Create an Acoustic Cavity Mesh

Creating an acoustic cavity mesh is two-staged. First, create a voxel-based preview mesh. Second, select individual volumes, set element quality requirements, and create a smoother, more refined computational mesh for the selected volumes.

Acoustic Cavity meshing begins with the Acoustic Cavity Mesh panel. This panel accepts the necessary base input data to generate a voxelated preview mesh for one or more acoustic cavities. Once the preview mesh exists, however, the Acoustic Cavity Browser displays in the tab area; you can use this tool to modify element quality checks, select specific volumes that have a preview mesh, and create the computational mesh for each selected cavity.

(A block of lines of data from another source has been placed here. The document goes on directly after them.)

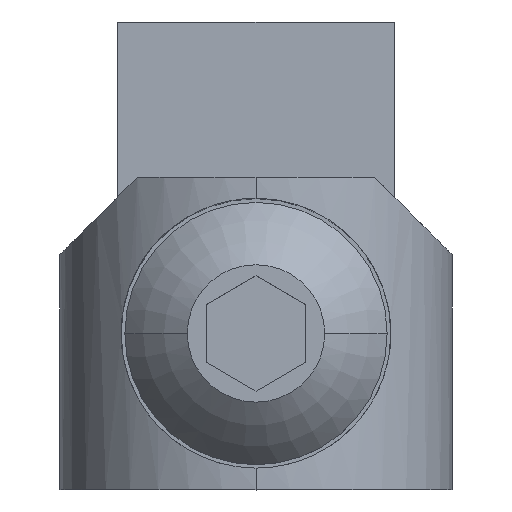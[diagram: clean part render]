
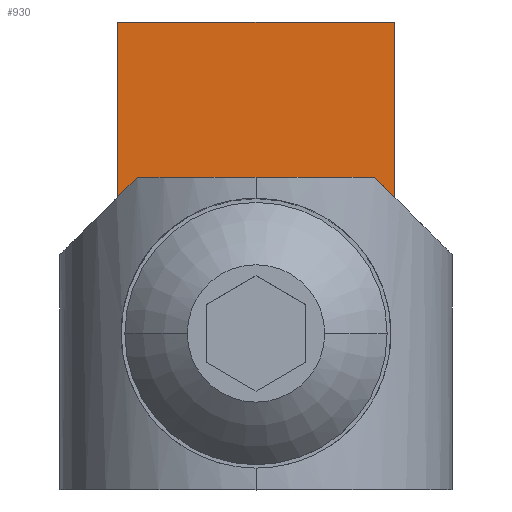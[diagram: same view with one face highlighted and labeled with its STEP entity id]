
A CAD part, top view. The second image highlights one B-rep face of the part: STEP entity #930.
In plain terms, the highlighted planar face has unit normal (0, 0, 1).
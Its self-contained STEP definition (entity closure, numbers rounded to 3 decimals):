
#17 = DIRECTION ( 'NONE',  ( 0., 0., 1. ) ) ;
#27 = EDGE_LOOP ( 'NONE', ( #1271, #333 ) ) ;
#41 = LINE ( 'NONE', #1318, #889 ) ;
#70 = EDGE_CURVE ( 'NONE', #306, #259, #1017, .T. ) ;
#89 = VECTOR ( 'NONE', #95, 1000. ) ;
#95 = DIRECTION ( 'NONE',  ( 1., 0., 0. ) ) ;
#113 = DIRECTION ( 'NONE',  ( -1., 0., 0. ) ) ;
#167 = FACE_BOUND ( 'NONE', #27, .T. ) ;
#184 = LINE ( 'NONE', #1235, #285 ) ;
#229 = EDGE_CURVE ( 'NONE', #860, #891, #41, .T. ) ;
#259 = VERTEX_POINT ( 'NONE', #624 ) ;
#285 = VECTOR ( 'NONE', #953, 1000. ) ;
#296 = DIRECTION ( 'NONE',  ( 1., 0., 0. ) ) ;
#306 = VERTEX_POINT ( 'NONE', #1245 ) ;
#311 = CIRCLE ( 'NONE', #776, 3. ) ;
#314 = CARTESIAN_POINT ( 'NONE',  ( 5.526, -4.5, -18. ) ) ;
#329 = FACE_OUTER_BOUND ( 'NONE', #1132, .T. ) ;
#333 = ORIENTED_EDGE ( 'NONE', *, *, #795, .F. ) ;
#390 = CARTESIAN_POINT ( 'NONE',  ( -2.75, -4.5, -18. ) ) ;
#401 = CIRCLE ( 'NONE', #735, 3. ) ;
#477 = CARTESIAN_POINT ( 'NONE',  ( 0., 0., -18. ) ) ;
#497 = CARTESIAN_POINT ( 'NONE',  ( -5.526, 12.5, -18. ) ) ;
#500 = VERTEX_POINT ( 'NONE', #890 ) ;
#523 = VECTOR ( 'NONE', #1133, 1000. ) ;
#531 = VERTEX_POINT ( 'NONE', #567 ) ;
#567 = CARTESIAN_POINT ( 'NONE',  ( 3., 0., -18. ) ) ;
#591 = DIRECTION ( 'NONE',  ( 0., 0., 1. ) ) ;
#624 = CARTESIAN_POINT ( 'NONE',  ( 5.526, -4.5, -18. ) ) ;
#735 = AXIS2_PLACEMENT_3D ( 'NONE', #477, #1182, #1090 ) ;
#776 = AXIS2_PLACEMENT_3D ( 'NONE', #946, #17, #113 ) ;
#795 = EDGE_CURVE ( 'NONE', #531, #500, #401, .T. ) ;
#800 = ORIENTED_EDGE ( 'NONE', *, *, #229, .T. ) ;
#860 = VERTEX_POINT ( 'NONE', #886 ) ;
#886 = CARTESIAN_POINT ( 'NONE',  ( 5.526, 12.5, -18. ) ) ;
#889 = VECTOR ( 'NONE', #1130, 1000. ) ;
#890 = CARTESIAN_POINT ( 'NONE',  ( -3., 0., -18. ) ) ;
#891 = VERTEX_POINT ( 'NONE', #497 ) ;
#930 = ADVANCED_FACE ( 'NONE', ( #167, #329 ), #1305, .T. ) ;
#946 = CARTESIAN_POINT ( 'NONE',  ( 0., 0., -18. ) ) ;
#953 = DIRECTION ( 'NONE',  ( 0., -1., 0. ) ) ;
#1010 = LINE ( 'NONE', #314, #523 ) ;
#1017 = LINE ( 'NONE', #1113, #89 ) ;
#1085 = EDGE_CURVE ( 'NONE', #259, #860, #1010, .T. ) ;
#1090 = DIRECTION ( 'NONE',  ( -1., 0., 0. ) ) ;
#1093 = AXIS2_PLACEMENT_3D ( 'NONE', #390, #591, #296 ) ;
#1109 = EDGE_CURVE ( 'NONE', #500, #531, #311, .T. ) ;
#1113 = CARTESIAN_POINT ( 'NONE',  ( -2.75, -4.5, -18. ) ) ;
#1130 = DIRECTION ( 'NONE',  ( -1., 0., 0. ) ) ;
#1132 = EDGE_LOOP ( 'NONE', ( #800, #1236, #1147, #1166 ) ) ;
#1133 = DIRECTION ( 'NONE',  ( 0., 1., 0. ) ) ;
#1143 = EDGE_CURVE ( 'NONE', #891, #306, #184, .T. ) ;
#1147 = ORIENTED_EDGE ( 'NONE', *, *, #70, .T. ) ;
#1166 = ORIENTED_EDGE ( 'NONE', *, *, #1085, .T. ) ;
#1182 = DIRECTION ( 'NONE',  ( 0., 0., 1. ) ) ;
#1235 = CARTESIAN_POINT ( 'NONE',  ( -5.526, -4.5, -18. ) ) ;
#1236 = ORIENTED_EDGE ( 'NONE', *, *, #1143, .T. ) ;
#1245 = CARTESIAN_POINT ( 'NONE',  ( -5.526, -4.5, -18. ) ) ;
#1271 = ORIENTED_EDGE ( 'NONE', *, *, #1109, .F. ) ;
#1305 = PLANE ( 'NONE',  #1093 ) ;
#1318 = CARTESIAN_POINT ( 'NONE',  ( -2.75, 12.5, -18. ) ) ;
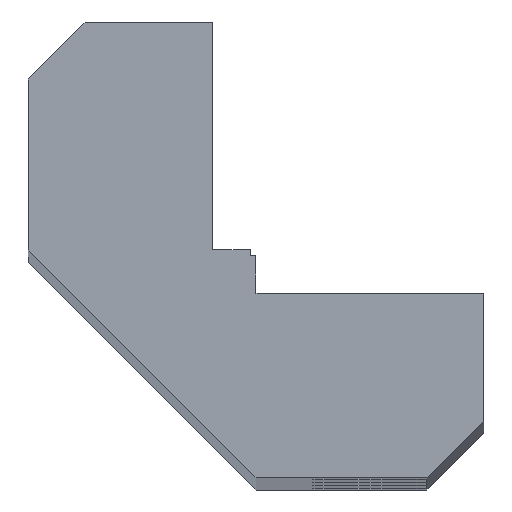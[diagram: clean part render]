
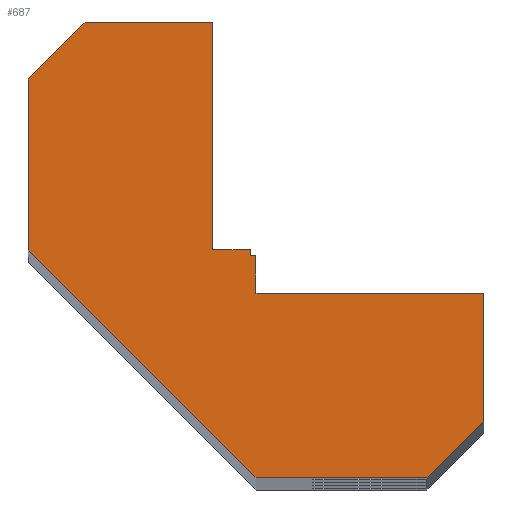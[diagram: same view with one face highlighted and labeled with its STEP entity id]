
A CAD part, top view. The second image highlights one B-rep face of the part: STEP entity #687.
In plain terms, the highlighted planar face has unit normal (0, 0, 1).
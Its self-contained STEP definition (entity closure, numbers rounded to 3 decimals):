
#101=FACE_OUTER_BOUND('',#148,.T.);
#148=EDGE_LOOP('',(#557,#558,#559,#560,#561,#562,#563,#564,#565,#566,#567,
#568,#569));
#176=LINE('',#993,#239);
#188=LINE('',#1054,#251);
#193=LINE('',#1061,#256);
#206=LINE('',#1086,#269);
#209=LINE('',#1091,#272);
#210=LINE('',#1095,#273);
#213=LINE('',#1099,#276);
#214=LINE('',#1102,#277);
#216=LINE('',#1105,#279);
#217=LINE('',#1108,#280);
#218=LINE('',#1110,#281);
#219=LINE('',#1112,#282);
#220=LINE('',#1113,#283);
#239=VECTOR('',#784,10.);
#251=VECTOR('',#854,10.);
#256=VECTOR('',#861,10.);
#269=VECTOR('',#878,10.);
#272=VECTOR('',#883,10.);
#273=VECTOR('',#886,10.);
#276=VECTOR('',#891,10.);
#277=VECTOR('',#894,10.);
#279=VECTOR('',#898,10.);
#280=VECTOR('',#901,10.);
#281=VECTOR('',#902,10.);
#282=VECTOR('',#903,10.);
#283=VECTOR('',#904,10.);
#299=VERTEX_POINT('',#986);
#302=VERTEX_POINT('',#991);
#321=VERTEX_POINT('',#1051);
#322=VERTEX_POINT('',#1053);
#323=VERTEX_POINT('',#1060);
#333=VERTEX_POINT('',#1085);
#334=VERTEX_POINT('',#1089);
#335=VERTEX_POINT('',#1093);
#336=VERTEX_POINT('',#1094);
#337=VERTEX_POINT('',#1101);
#338=VERTEX_POINT('',#1107);
#339=VERTEX_POINT('',#1109);
#340=VERTEX_POINT('',#1111);
#360=EDGE_CURVE('',#302,#299,#176,.T.);
#388=EDGE_CURVE('',#322,#321,#188,.T.);
#393=EDGE_CURVE('',#322,#323,#193,.T.);
#406=EDGE_CURVE('',#333,#321,#206,.T.);
#409=EDGE_CURVE('',#323,#334,#209,.T.);
#410=EDGE_CURVE('',#335,#336,#210,.T.);
#413=EDGE_CURVE('',#336,#334,#213,.T.);
#414=EDGE_CURVE('',#337,#299,#214,.T.);
#416=EDGE_CURVE('',#335,#302,#216,.T.);
#417=EDGE_CURVE('',#338,#333,#217,.T.);
#418=EDGE_CURVE('',#339,#338,#218,.T.);
#419=EDGE_CURVE('',#339,#340,#219,.T.);
#420=EDGE_CURVE('',#340,#337,#220,.T.);
#557=ORIENTED_EDGE('',*,*,#414,.T.);
#558=ORIENTED_EDGE('',*,*,#360,.F.);
#559=ORIENTED_EDGE('',*,*,#416,.F.);
#560=ORIENTED_EDGE('',*,*,#410,.T.);
#561=ORIENTED_EDGE('',*,*,#413,.T.);
#562=ORIENTED_EDGE('',*,*,#409,.F.);
#563=ORIENTED_EDGE('',*,*,#393,.F.);
#564=ORIENTED_EDGE('',*,*,#388,.T.);
#565=ORIENTED_EDGE('',*,*,#406,.F.);
#566=ORIENTED_EDGE('',*,*,#417,.F.);
#567=ORIENTED_EDGE('',*,*,#418,.F.);
#568=ORIENTED_EDGE('',*,*,#419,.T.);
#569=ORIENTED_EDGE('',*,*,#420,.T.);
#656=PLANE('',#744);
#687=ADVANCED_FACE('',(#101),#656,.T.);
#744=AXIS2_PLACEMENT_3D('',#1106,#899,#900);
#784=DIRECTION('',(1.,0.,0.));
#854=DIRECTION('',(0.,-1.,0.));
#861=DIRECTION('',(0.707,0.707,0.));
#878=DIRECTION('',(-0.707,0.707,0.));
#883=DIRECTION('',(1.,0.,0.));
#886=DIRECTION('',(-1.,0.,0.));
#891=DIRECTION('',(0.,1.,0.));
#894=DIRECTION('',(0.,1.,0.));
#898=DIRECTION('',(0.,-1.,0.));
#899=DIRECTION('center_axis',(0.,0.,1.));
#900=DIRECTION('ref_axis',(1.,0.,0.));
#901=DIRECTION('',(-1.,0.,0.));
#902=DIRECTION('',(-0.707,-0.707,0.));
#903=DIRECTION('',(0.,1.,0.));
#904=DIRECTION('',(-1.,0.,0.));
#986=CARTESIAN_POINT('',(0.,-0.5,753.5));
#991=CARTESIAN_POINT('',(-0.5,-0.5,753.5));
#993=CARTESIAN_POINT('',(-5.,-0.5,753.5));
#1051=CARTESIAN_POINT('',(-20.,0.,753.5));
#1053=CARTESIAN_POINT('',(-20.,15.,753.5));
#1054=CARTESIAN_POINT('',(-20.,20.,753.5));
#1060=CARTESIAN_POINT('',(-15.,20.,753.5));
#1061=CARTESIAN_POINT('',(38.775,73.775,753.5));
#1085=CARTESIAN_POINT('',(0.,-20.,753.5));
#1086=CARTESIAN_POINT('',(-11.275,-8.725,753.5));
#1089=CARTESIAN_POINT('',(-3.8,20.,753.5));
#1091=CARTESIAN_POINT('',(-5.,20.,753.5));
#1093=CARTESIAN_POINT('',(-0.5,0.,753.5));
#1094=CARTESIAN_POINT('',(-3.8,0.,753.5));
#1095=CARTESIAN_POINT('',(53.1,0.,753.5));
#1099=CARTESIAN_POINT('',(-3.8,297.55,753.5));
#1101=CARTESIAN_POINT('',(0.,-3.8,753.5));
#1102=CARTESIAN_POINT('',(0.,57.3,753.5));
#1105=CARTESIAN_POINT('',(-0.5,20.,753.5));
#1106=CARTESIAN_POINT('Origin',(110.,115.1,753.5));
#1107=CARTESIAN_POINT('',(15.,-20.,753.5));
#1108=CARTESIAN_POINT('',(35.,-20.,753.5));
#1109=CARTESIAN_POINT('',(20.,-15.,753.5));
#1110=CARTESIAN_POINT('',(73.775,38.775,753.5));
#1111=CARTESIAN_POINT('',(20.,-3.8,753.5));
#1112=CARTESIAN_POINT('',(20.,-20.,753.5));
#1113=CARTESIAN_POINT('',(-50.,-3.8,753.5));

  1. Open the Acoustic Cavity Browser and Acoustic Cavity Mesh panel by selecting Mesh > Create > Acoustic Cavity Mesh from the menu bar.
  2. Define acoustic cavity meshing parameters.
    1. In the Acoustic Cavity Browser, click .
    2. In the Options dialog, define acoustic cavity meshing parameters accordingly.
  3. Using the Acoustic Cavity Mesh panel, generate preview mesh.
    1. Use the structure: comps selector to select the components that surround the desired cavity.
      Select all of the components that enclose the air spaces. You can create meshes for multiple air spaces simultaneously, depending on which components you initially select.
    2. Use the seats: comps selector to select the solid bodies representing the seats.
      Acoustic cavity meshing takes seating into account, and generates a separate volume mesh for each seat (bench seats are correctly treated as a single assembly, not broken up into individual seats based on the number of humans who could sit on them). This distinguishes the seats from the mesh that represents the air space.
    3. Select a method for seat coupling.
      • Choose node to node remesh to obtain new node-connected cavities for the seats, matching seat nodes, and cavity nodes on a 1:1 basis.
      • Choose MPC no remesh to connect the input seat components to the found cavities using MPCs, which allows node mapping at a ratio other than 1:1. Only use this option if the seat components are composed of solid elements. For proper MPC creation, the seat mesh size must be relatively similar to the size used to create the acoustic cavity mesh; in general, the size difference should be no more than 30%.
    4. In the max element size field, enter a desired element size.
      The max frequency will be populated automatically depending on the specified max element size and No. elements per wavelength specified in Options dialog. It is also possible to specify the max frequency value, and then max element size will be calculated accordingly.
      Note: A small, fine mesh may take a considerable amount of time to generate.
    5. In the gap patch size field, enter how large of a gap in the geometry the mesher will ignore.
    6. In the hole patch size field, enter how large of a hole in the geometry the mesher will ignore.
    7. Optional: Create permanent elements from the temporary elements used to patch over the holes, and store them in their own collector called ^patched_holes by selecting the create hole elements checkbox.
    8. Click preview.
    A simple preview mesh is generated.


    Figure 3. Simple Preview Mesh
  4. In the Acoustic Cavity Browser, select individual volumes, set element quality requirements, and create a smoother, more refined computational mesh for the selected volumes.